Scorpio Gold holds a 70% interest in the producing Mineral Ridge gold mining operation located in Esmeralda County, Nevada with joint venture partner Waterton Global Value L.P. (30%), and Scorpio Gold is currently entitled to receive 80% of cash flow generated. Mineral Ridge is a conventional open pit mining and heap leach operation. The Mineral Ridge property is host to multiple gold-bearing structures, veins and lenses at exploration, development and production stages. Scorpio Gold also holds a 100% interest in the advanced exploration-stage Goldwedge property in Manhattan, Nevada, with a fully permitted underground mine and 400 ton per day mill facility. The Company has completed its 2015 underground drilling program at Goldwedge (results are pending) and is processing high-grade Mineral Ridge ore at the Goldwedge plant on an as needed basis.

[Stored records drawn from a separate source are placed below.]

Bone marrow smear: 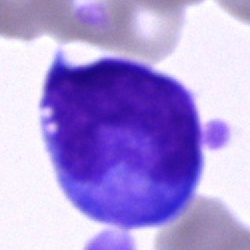Morphology — blast cell.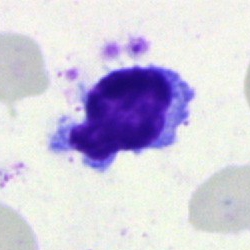

A typical lymphocyte.
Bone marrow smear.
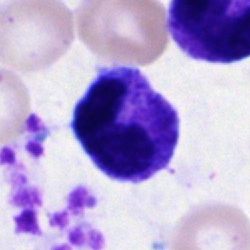 Q: Which cell type is shown here?
A: Segmented neutrophil.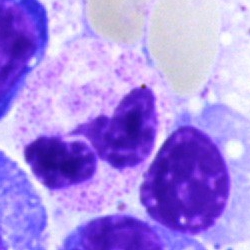Morphology consistent with a neutrophil (segmented).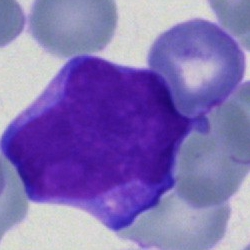Bone marrow aspirate smear, single cell — blast.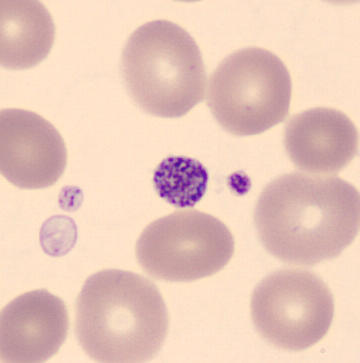Specimen: peripheral blood smear.
Classification: platelet.
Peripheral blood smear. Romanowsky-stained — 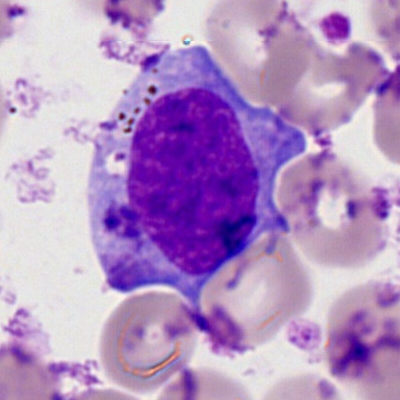Classification: myeloblast.
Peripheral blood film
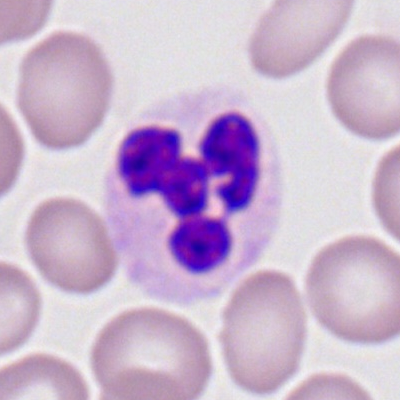
Q: Which cell type is shown here?
A: This is a polymorphonuclear neutrophil.
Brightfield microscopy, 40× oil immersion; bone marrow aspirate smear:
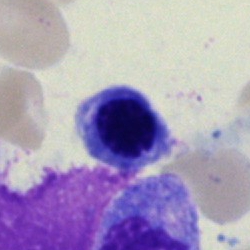

This is a nucleated red blood cell.
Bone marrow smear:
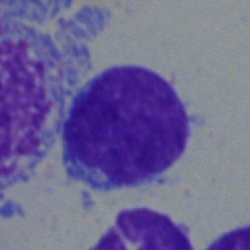 Specimen: bone marrow aspirate smear.
Cell: lymphocyte.
Lineage: lymphoid.
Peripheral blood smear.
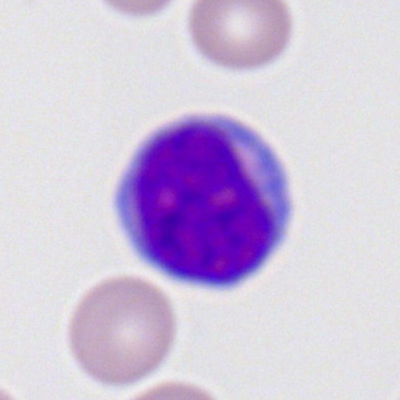
Cell type = lymphocyte.
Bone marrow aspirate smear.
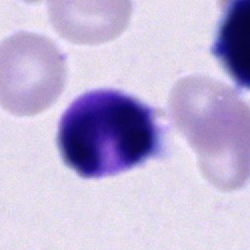 Q: What is shown here?
A: It is an artefact.
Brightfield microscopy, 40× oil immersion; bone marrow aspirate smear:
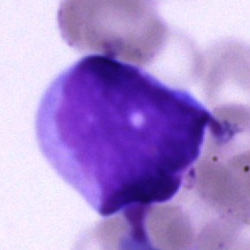
Q: Which cell type is shown here?
A: This is a blast.
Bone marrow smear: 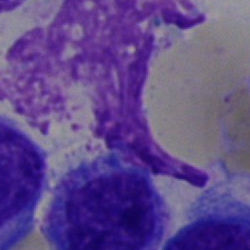

Single cell identified as an artifact.
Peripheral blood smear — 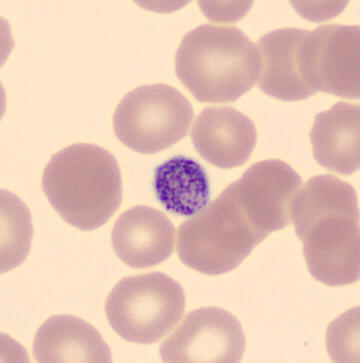 Identified as a platelet.
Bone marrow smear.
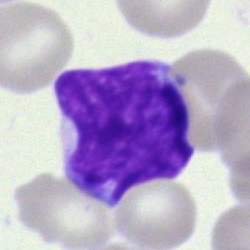

Classification = blast cell.
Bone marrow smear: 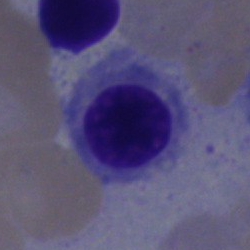

Morphology — nucleated red cell.
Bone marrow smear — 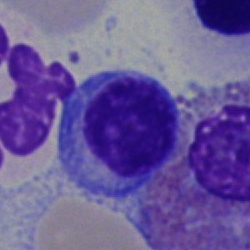
Q: What type of cell is this?
A: A plasmacyte.
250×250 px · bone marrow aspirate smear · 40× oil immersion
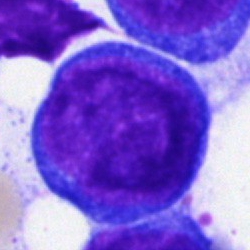
Cell type = blast cell.
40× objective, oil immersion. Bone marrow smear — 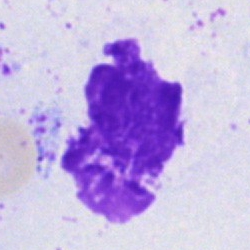
Cell type: artefact.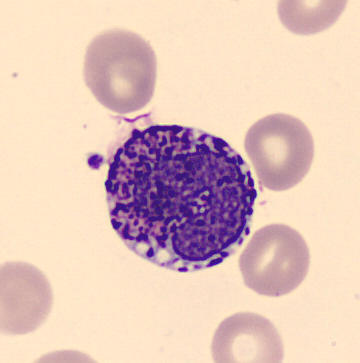 A basophilic granulocyte. Peripheral blood film.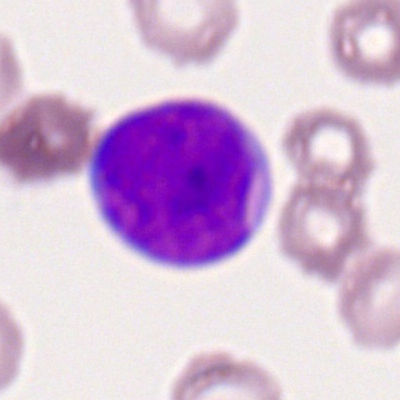

Q: What cell is this?
A: A myeloid blast.
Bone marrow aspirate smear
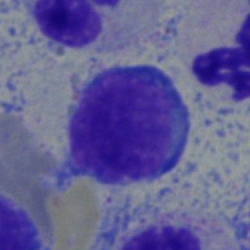
Cell: lymphocyte.
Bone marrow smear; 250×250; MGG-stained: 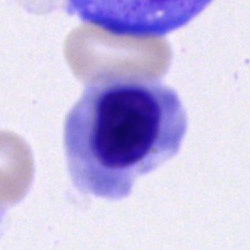 Morphology — normoblast.
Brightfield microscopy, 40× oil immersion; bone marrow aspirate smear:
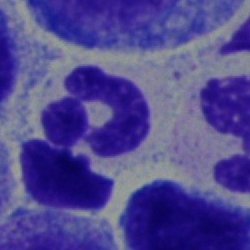

Specimen: bone marrow aspirate smear.
Cell type: neutrophil (segmented).
Lineage: myeloid.
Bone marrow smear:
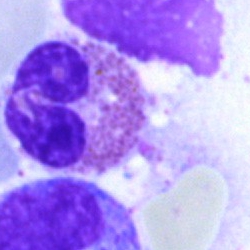

An eosinophilic granulocyte.
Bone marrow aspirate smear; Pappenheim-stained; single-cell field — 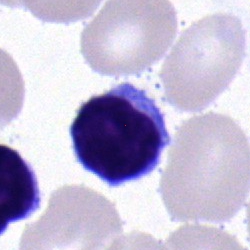

Impression — lymphocyte.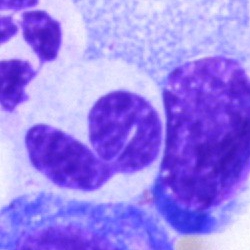The cell is polymorphonuclear neutrophil.
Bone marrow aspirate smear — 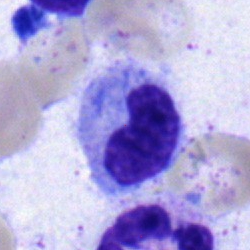Single cell identified as a metamyelocyte.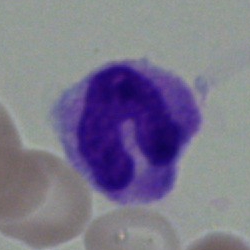
Single cell identified as a monocyte.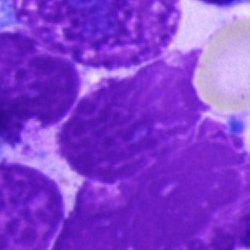
An artefact.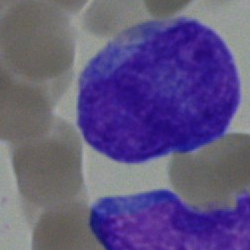

Q: Identify the cell.
A: Blast.
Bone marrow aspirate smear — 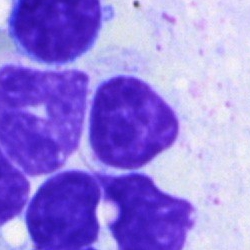 Morphological class = artefact.
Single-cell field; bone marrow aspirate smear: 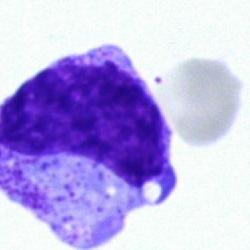

Impression → metamyelocyte.
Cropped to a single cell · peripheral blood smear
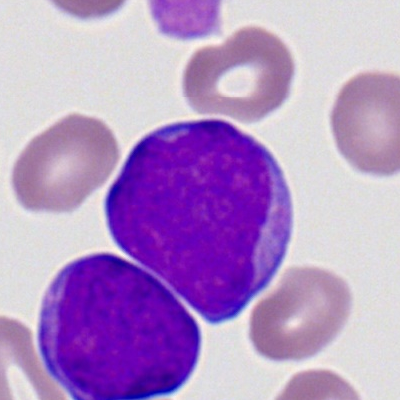Morphology consistent with a myeloblast.
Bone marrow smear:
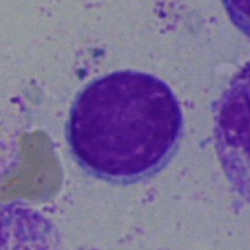Cell type = typical lymphocyte.

Scorpio Gold’s President & CEO, Peter J. Hawley, PGeo,, is a Qualified Person as defined by National Instrument 43-101 and has reviewed and approved the content of this release.


Peter J. Hawley,
President & CEO

For further information contact:
Peter J. Hawley, CEO
Tel: +1 819 825-7618


Neither TSX Venture Exchange nor its Regulation Services Provider (as that term is defined in the policies of the TSX Venture Exchange) accepts responsibility for the adequacy or accuracy of this release.

The Company relies on litigation protection for forward-looking statements. This news release contains forward-looking statements that are based on the Company’s current expectations and estimates. Forward-looking statements are frequently characterized by words such as “plan”, “expect”, “project”, “intend”, “believe”, “anticipate”, “estimate”, “suggest”, “indicate” and other similar words or statements that certain events or conditions “may” or “will” occur, and include, without restriction, any statements regarding the Company achieving production forecasts for 2015, the planned commencement of mining operations at the Bluelight deposit, and the anticipated effect on gold grades from mining at the Bluelight and Solberry deposits. Such forward-looking statements involve known and unknown risks, uncertainties and other factors that could cause actual events or results to differ materially from estimated or anticipated events or results implied or expressed in such forward-looking statements, including risks related to open pit mining and heap leach operations, including unanticipated changes in the mineral content of materials being mined; unanticipated changes in recovery rates; changes in project parameters; failure of equipment or processes to operate as anticipated; the failure of contracted parties to perform; availability of skilled labour and the impact of labour disputes; delays in obtaining governmental approvals; changes in metals prices; the availability of cash flows or financing to meet the Company’s ongoing financial obligations; unanticipated changes in key management personnel; changes in general economic conditions; other risks of the mining industry; and those risk factors outlined in the Company’s Management Discussion and Analysis as filed on SEDAR. Any forward-looking statement speaks only as of the date on which it is made and, except as may be required by applicable securities laws, the Company disclaims any intent or obligation to update any forward-looking statement, whether as a result of new information, future events or results or otherwise. Forward-looking statements are not guarantees of future performance and accordingly undue reliance should not be put on such statements due to the inherent uncertainty thereof.